| ACTIVITY |
Please report how many lines below contain "style", writing nothing except the number.

————————

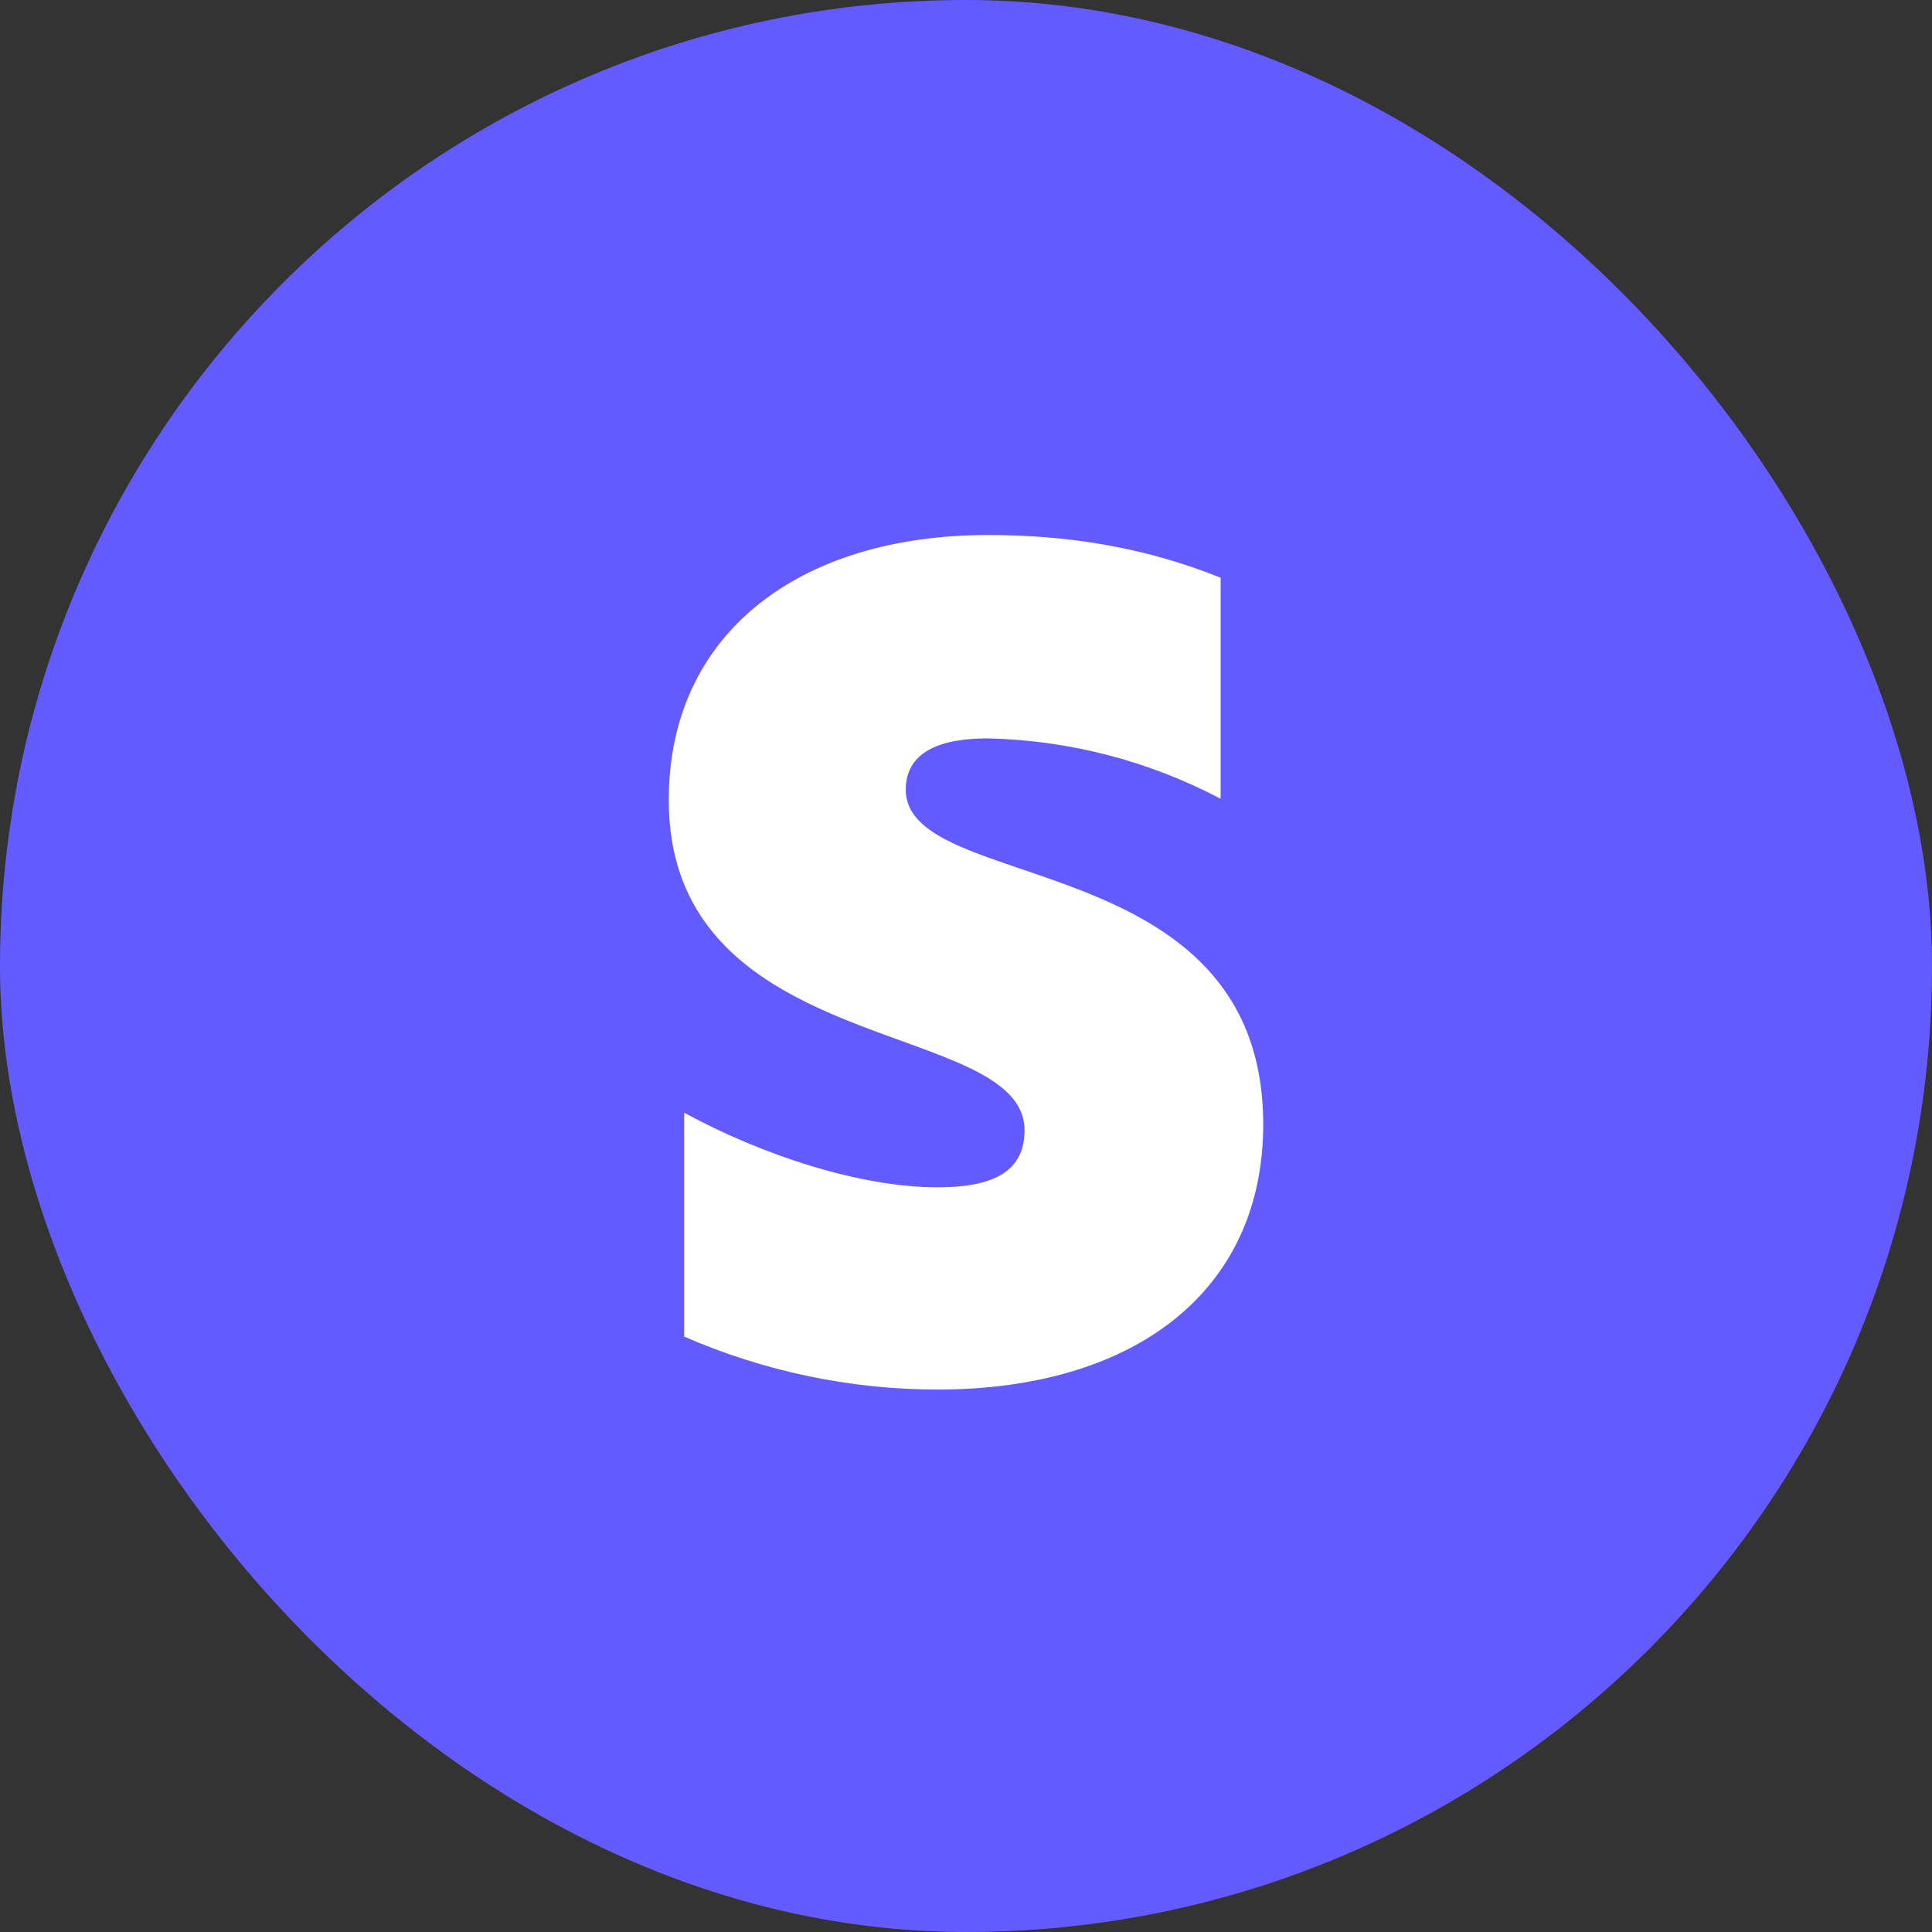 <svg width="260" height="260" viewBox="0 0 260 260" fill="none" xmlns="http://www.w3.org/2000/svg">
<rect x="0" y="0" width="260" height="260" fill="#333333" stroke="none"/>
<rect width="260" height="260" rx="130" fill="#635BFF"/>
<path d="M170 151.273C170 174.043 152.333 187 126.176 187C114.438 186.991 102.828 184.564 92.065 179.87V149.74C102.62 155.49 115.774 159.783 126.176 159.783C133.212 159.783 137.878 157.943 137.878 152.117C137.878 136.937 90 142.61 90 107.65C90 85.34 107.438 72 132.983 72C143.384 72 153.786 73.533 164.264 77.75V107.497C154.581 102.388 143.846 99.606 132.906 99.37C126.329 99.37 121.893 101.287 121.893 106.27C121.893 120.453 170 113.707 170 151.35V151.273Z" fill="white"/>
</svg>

————————

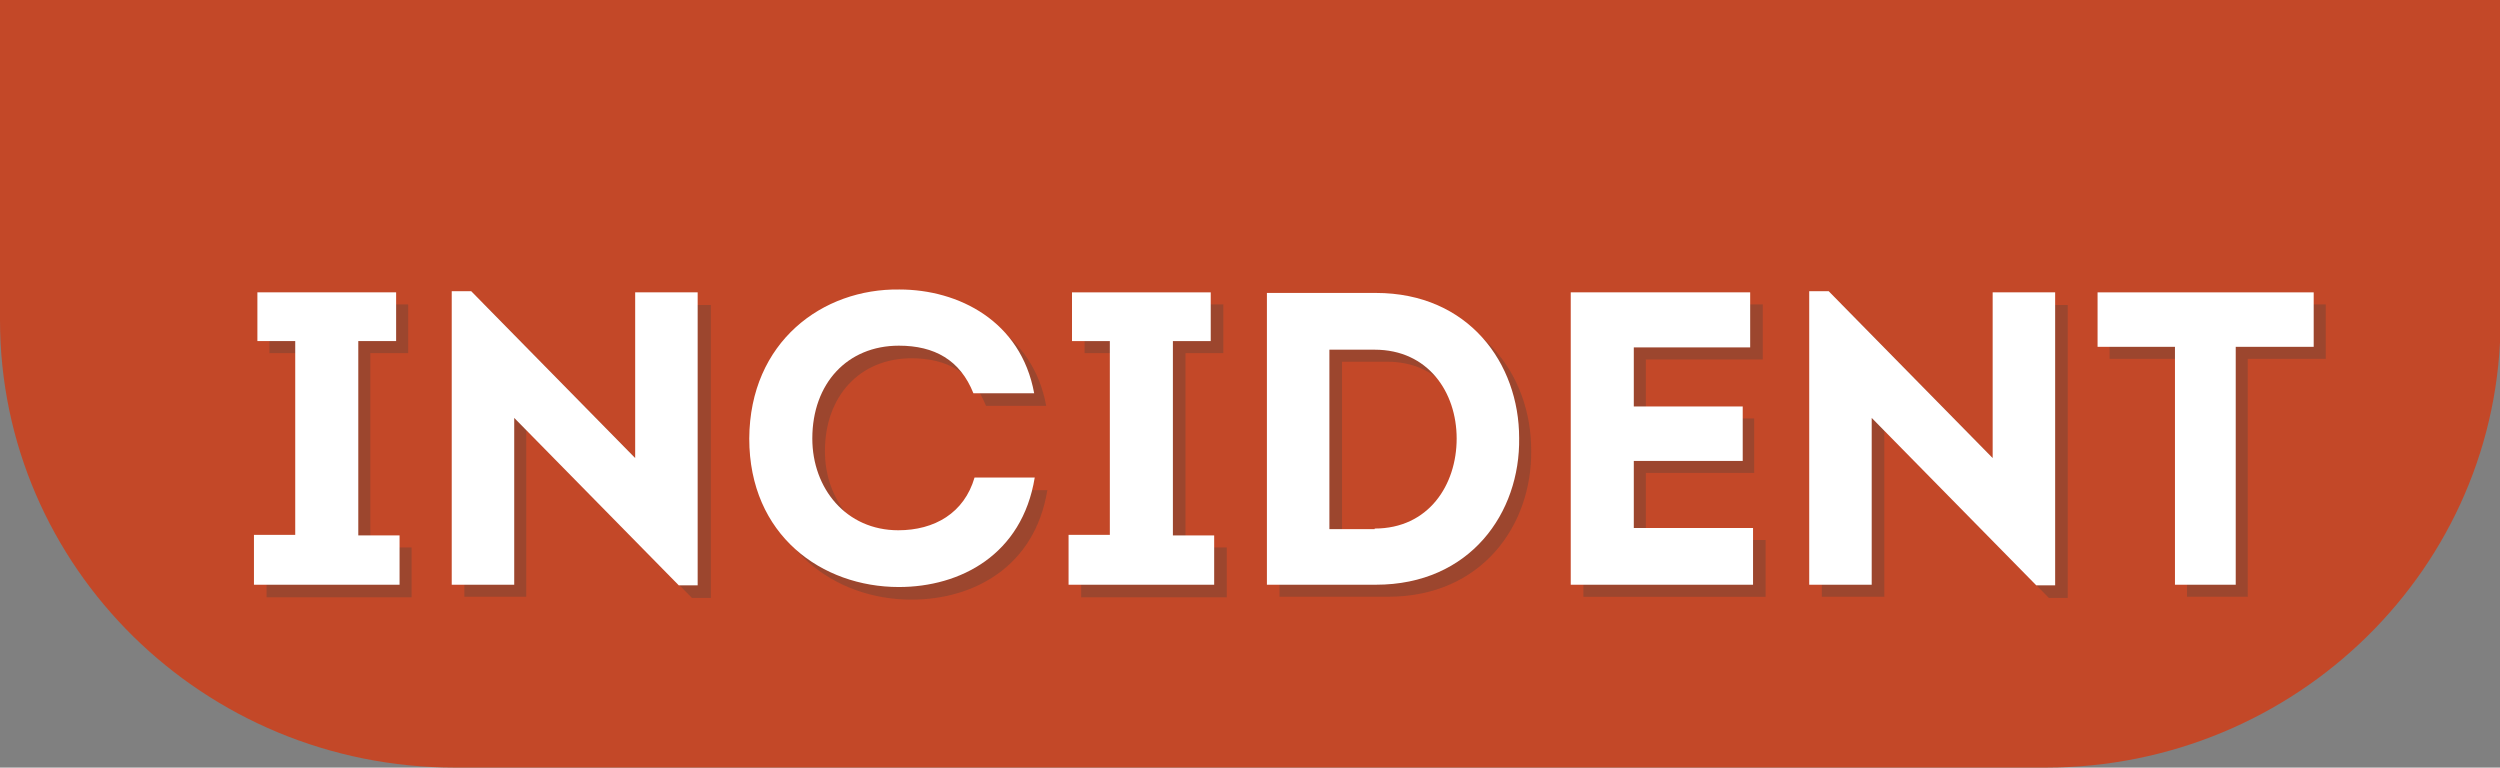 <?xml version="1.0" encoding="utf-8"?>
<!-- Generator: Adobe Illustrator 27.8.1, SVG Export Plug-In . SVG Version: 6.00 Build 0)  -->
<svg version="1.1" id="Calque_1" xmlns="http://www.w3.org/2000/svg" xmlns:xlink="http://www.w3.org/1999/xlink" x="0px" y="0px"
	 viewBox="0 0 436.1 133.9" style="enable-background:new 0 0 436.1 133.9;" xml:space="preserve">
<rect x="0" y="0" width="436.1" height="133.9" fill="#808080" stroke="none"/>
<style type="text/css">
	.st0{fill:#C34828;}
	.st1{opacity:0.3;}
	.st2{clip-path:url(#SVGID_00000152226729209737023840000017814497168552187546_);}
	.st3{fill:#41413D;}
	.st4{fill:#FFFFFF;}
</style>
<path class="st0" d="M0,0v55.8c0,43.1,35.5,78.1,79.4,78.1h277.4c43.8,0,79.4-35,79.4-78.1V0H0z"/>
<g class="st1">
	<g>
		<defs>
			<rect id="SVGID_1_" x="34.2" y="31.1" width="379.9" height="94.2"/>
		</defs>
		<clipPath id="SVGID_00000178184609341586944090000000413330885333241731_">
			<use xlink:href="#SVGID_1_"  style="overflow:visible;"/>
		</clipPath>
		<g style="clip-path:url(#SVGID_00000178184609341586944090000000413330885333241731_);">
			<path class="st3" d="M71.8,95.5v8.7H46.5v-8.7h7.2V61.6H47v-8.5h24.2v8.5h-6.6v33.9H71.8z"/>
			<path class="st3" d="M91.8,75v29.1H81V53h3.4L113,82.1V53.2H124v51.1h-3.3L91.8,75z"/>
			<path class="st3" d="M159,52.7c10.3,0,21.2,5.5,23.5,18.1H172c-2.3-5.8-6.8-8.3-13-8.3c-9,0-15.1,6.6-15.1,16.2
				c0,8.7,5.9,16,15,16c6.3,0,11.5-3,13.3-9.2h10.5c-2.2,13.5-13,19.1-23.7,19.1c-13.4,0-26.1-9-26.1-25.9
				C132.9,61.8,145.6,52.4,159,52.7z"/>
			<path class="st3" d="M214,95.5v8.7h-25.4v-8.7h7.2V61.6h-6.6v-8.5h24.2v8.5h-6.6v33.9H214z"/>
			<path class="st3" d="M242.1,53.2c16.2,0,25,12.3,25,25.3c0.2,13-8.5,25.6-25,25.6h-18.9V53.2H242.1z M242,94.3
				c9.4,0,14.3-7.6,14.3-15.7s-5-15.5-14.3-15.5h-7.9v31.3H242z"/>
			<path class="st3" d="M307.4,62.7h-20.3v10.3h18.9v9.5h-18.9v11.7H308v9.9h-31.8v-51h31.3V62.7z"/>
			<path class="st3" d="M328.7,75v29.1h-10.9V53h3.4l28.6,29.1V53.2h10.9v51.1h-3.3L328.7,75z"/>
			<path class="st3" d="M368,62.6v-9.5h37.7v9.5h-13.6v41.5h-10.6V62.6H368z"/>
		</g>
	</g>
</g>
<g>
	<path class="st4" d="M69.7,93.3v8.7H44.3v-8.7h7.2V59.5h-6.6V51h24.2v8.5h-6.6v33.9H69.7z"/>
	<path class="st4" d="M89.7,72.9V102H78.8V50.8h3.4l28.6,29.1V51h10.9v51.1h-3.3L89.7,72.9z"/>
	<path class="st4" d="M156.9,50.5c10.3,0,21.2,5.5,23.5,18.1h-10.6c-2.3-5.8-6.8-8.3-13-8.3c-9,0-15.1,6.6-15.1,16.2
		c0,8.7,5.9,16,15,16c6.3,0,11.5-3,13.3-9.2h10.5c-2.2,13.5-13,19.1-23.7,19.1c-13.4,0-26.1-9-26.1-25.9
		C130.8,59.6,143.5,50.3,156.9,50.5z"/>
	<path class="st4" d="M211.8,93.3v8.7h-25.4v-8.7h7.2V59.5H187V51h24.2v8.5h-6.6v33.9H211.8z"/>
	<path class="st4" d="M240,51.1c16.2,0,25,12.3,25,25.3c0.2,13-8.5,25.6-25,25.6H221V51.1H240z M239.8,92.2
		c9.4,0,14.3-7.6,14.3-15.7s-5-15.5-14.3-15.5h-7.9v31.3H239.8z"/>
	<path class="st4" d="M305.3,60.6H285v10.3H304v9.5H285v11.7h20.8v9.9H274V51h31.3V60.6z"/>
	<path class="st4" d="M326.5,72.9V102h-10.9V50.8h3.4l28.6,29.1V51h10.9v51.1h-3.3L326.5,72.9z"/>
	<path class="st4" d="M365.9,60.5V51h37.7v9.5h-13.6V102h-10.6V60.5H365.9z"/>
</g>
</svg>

————————

| SOLUTION TO THIS PROBLEM |
5